▶ _Task statement_
Transcribe the records below. Leave nothing out and change nothing.

:: Material shown ::

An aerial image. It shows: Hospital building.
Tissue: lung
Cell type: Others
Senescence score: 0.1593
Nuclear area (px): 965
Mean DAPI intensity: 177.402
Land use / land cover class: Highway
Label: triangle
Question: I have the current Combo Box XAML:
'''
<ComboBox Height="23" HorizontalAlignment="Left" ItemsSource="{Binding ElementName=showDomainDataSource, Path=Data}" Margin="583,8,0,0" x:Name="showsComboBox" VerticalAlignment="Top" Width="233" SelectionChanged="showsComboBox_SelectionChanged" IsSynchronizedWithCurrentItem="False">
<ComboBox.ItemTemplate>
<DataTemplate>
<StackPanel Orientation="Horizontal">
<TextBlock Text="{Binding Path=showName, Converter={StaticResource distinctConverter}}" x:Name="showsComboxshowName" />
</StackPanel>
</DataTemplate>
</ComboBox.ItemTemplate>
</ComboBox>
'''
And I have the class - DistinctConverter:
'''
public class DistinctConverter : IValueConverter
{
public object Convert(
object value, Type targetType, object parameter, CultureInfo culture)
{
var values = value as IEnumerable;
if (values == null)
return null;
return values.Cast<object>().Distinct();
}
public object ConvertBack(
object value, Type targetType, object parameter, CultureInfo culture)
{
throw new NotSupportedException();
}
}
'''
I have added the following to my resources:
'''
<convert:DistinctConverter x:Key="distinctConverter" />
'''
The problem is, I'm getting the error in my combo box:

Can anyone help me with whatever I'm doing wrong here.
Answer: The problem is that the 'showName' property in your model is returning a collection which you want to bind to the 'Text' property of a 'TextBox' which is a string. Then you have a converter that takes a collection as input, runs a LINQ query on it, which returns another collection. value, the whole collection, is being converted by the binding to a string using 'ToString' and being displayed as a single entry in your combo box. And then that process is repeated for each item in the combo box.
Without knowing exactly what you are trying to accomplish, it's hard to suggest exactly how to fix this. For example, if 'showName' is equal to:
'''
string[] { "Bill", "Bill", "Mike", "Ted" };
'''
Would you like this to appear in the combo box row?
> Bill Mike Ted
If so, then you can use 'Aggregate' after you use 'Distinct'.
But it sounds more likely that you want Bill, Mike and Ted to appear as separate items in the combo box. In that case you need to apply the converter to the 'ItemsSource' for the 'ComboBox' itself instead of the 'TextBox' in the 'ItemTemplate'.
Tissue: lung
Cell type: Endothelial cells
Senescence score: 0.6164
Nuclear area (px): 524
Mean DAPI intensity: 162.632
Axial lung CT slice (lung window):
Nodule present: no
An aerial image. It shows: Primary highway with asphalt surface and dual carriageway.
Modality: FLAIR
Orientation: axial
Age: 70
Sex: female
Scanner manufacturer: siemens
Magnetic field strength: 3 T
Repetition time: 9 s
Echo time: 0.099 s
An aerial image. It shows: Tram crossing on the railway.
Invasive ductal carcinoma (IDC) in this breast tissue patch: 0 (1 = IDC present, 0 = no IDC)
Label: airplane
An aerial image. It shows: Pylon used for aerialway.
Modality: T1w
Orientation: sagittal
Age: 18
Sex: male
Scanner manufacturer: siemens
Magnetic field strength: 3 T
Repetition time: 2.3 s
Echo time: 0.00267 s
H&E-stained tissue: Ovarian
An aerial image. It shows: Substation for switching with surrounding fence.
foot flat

:::

▶ _Task answer_
An aerial image. It shows: Hospital building.
Tissue: lung
Cell type: Others
Senescence score: 0.1593
Nuclear area (px): 965
Mean DAPI intensity: 177.402
Land use / land cover class: Highway
Label: triangle
Question: I have the current Combo Box XAML:
'''
<ComboBox Height="23" HorizontalAlignment="Left" ItemsSource="{Binding ElementName=showDomainDataSource, Path=Data}" Margin="583,8,0,0" x:Name="showsComboBox" VerticalAlignment="Top" Width="233" SelectionChanged="showsComboBox_SelectionChanged" IsSynchronizedWithCurrentItem="False">
<ComboBox.ItemTemplate>
<DataTemplate>
<StackPanel Orientation="Horizontal">
<TextBlock Text="{Binding Path=showName, Converter={StaticResource distinctConverter}}" x:Name="showsComboxshowName" />
</StackPanel>
</DataTemplate>
</ComboBox.ItemTemplate>
</ComboBox>
'''
And I have the class - DistinctConverter:
'''
public class DistinctConverter : IValueConverter
{
public object Convert(
object value, Type targetType, object parameter, CultureInfo culture)
{
var values = value as IEnumerable;
if (values == null)
return null;
return values.Cast<object>().Distinct();
}
public object ConvertBack(
object value, Type targetType, object parameter, CultureInfo culture)
{
throw new NotSupportedException();
}
}
'''
I have added the following to my resources:
'''
<convert:DistinctConverter x:Key="distinctConverter" />
'''
The problem is, I'm getting the error in my combo box:

Can anyone help me with whatever I'm doing wrong here.
Answer: The problem is that the 'showName' property in your model is returning a collection which you want to bind to the 'Text' property of a 'TextBox' which is a string. Then you have a converter that takes a collection as input, runs a LINQ query on it, which returns another collection. value, the whole collection, is being converted by the binding to a string using 'ToString' and being displayed as a single entry in your combo box. And then that process is repeated for each item in the combo box.
Without knowing exactly what you are trying to accomplish, it's hard to suggest exactly how to fix this. For example, if 'showName' is equal to:
'''
string[] { "Bill", "Bill", "Mike", "Ted" };
'''
Would you like this to appear in the combo box row?
> Bill Mike Ted
If so, then you can use 'Aggregate' after you use 'Distinct'.
But it sounds more likely that you want Bill, Mike and Ted to appear as separate items in the combo box. In that case you need to apply the converter to the 'ItemsSource' for the 'ComboBox' itself instead of the 'TextBox' in the 'ItemTemplate'.
Tissue: lung
Cell type: Endothelial cells
Senescence score: 0.6164
Nuclear area (px): 524
Mean DAPI intensity: 162.632
Axial lung CT slice (lung window):
Nodule present: no
An aerial image. It shows: Primary highway with asphalt surface and dual carriageway.
Modality: FLAIR
Orientation: axial
Age: 70
Sex: female
Scanner manufacturer: siemens
Magnetic field strength: 3 T
Repetition time: 9 s
Echo time: 0.099 s
An aerial image. It shows: Tram crossing on the railway.
Invasive ductal carcinoma (IDC) in this breast tissue patch: 0 (1 = IDC present, 0 = no IDC)
Label: airplane
An aerial image. It shows: Pylon used for aerialway.
Modality: T1w
Orientation: sagittal
Age: 18
Sex: male
Scanner manufacturer: siemens
Magnetic field strength: 3 T
Repetition time: 2.3 s
Echo time: 0.00267 s
H&E-stained tissue: Ovarian
An aerial image. It shows: Substation for switching with surrounding fence.
foot flat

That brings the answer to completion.